━━━━━ PROVIDED MATERIAL

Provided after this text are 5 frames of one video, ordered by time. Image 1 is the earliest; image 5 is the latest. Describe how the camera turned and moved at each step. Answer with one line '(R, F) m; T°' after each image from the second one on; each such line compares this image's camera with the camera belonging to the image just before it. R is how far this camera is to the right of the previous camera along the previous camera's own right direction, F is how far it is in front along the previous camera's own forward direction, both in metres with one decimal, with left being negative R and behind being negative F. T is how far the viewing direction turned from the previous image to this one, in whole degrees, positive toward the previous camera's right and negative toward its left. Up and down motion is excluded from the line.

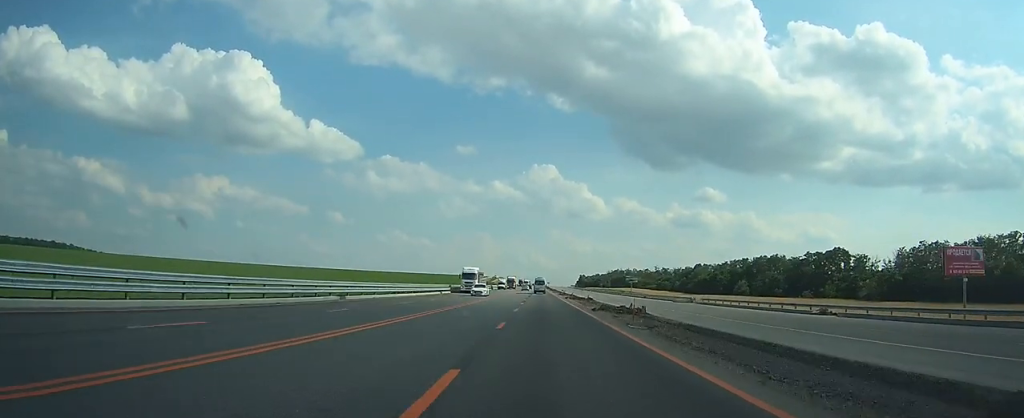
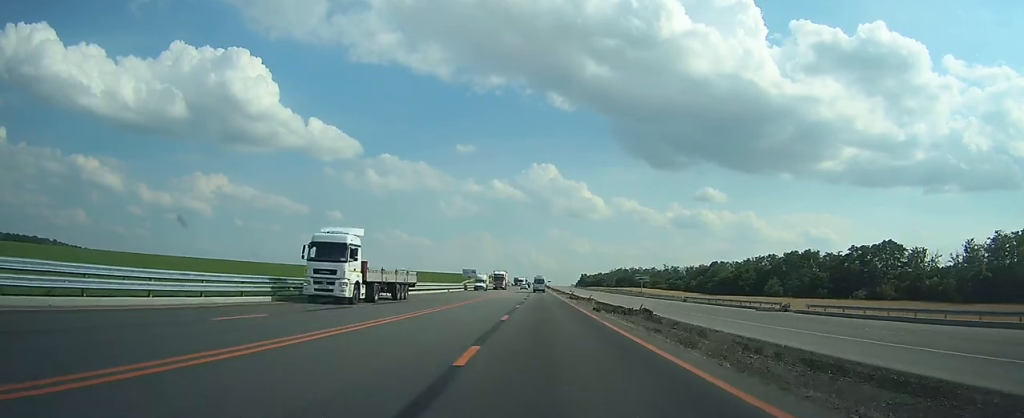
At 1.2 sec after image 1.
(0.0, +32.8) m; 0°
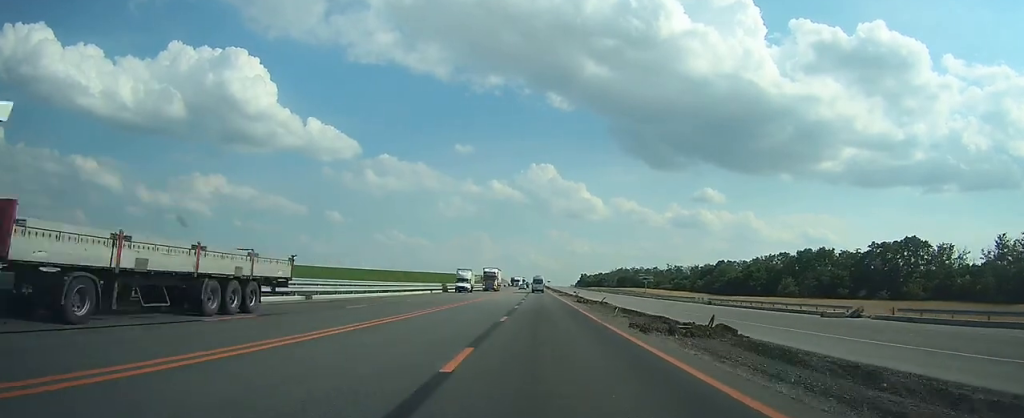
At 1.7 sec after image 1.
(0.0, +12.8) m; 0°
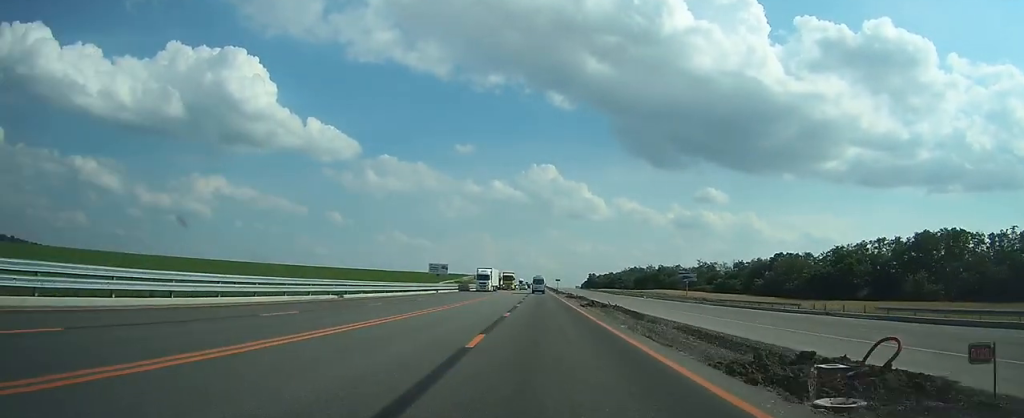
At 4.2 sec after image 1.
(0.0, +69.6) m; 0°
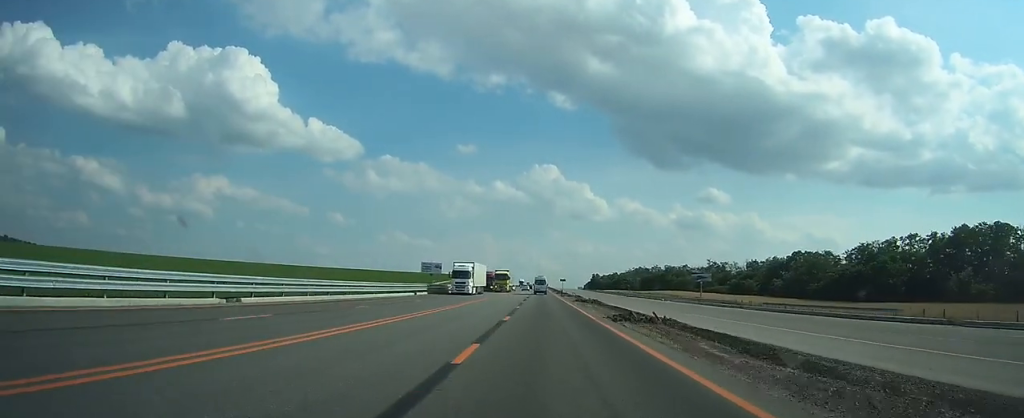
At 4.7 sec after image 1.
(0.0, +14.6) m; 0°

━━━━━━━━━━

## WHAT YOU SHOULD DO
Reproduce the data above verbatim, minus any images.

## TASK RESPONSE
Provided after this text are 5 frames of one video, ordered by time. Image 1 is the earliest; image 5 is the latest. Describe how the camera turned and moved at each step. Answer with one line '(R, F) m; T°' after each image from the second one on; each such line compares this image's camera with the camera belonging to the image just before it. R is how far this camera is to the right of the previous camera along the previous camera's own right direction, F is how far it is in front along the previous camera's own forward direction, both in metres with one decimal, with left being negative R and behind being negative F. T is how far the viewing direction turned from the previous image to this one, in whole degrees, positive toward the previous camera's right and negative toward its left. Up and down motion is excluded from the line.

At 1.2 sec after image 1.
(0.0, +32.8) m; 0°
At 1.7 sec after image 1.
(0.0, +12.8) m; 0°
At 4.2 sec after image 1.
(0.0, +69.6) m; 0°
At 4.7 sec after image 1.
(0.0, +14.6) m; 0°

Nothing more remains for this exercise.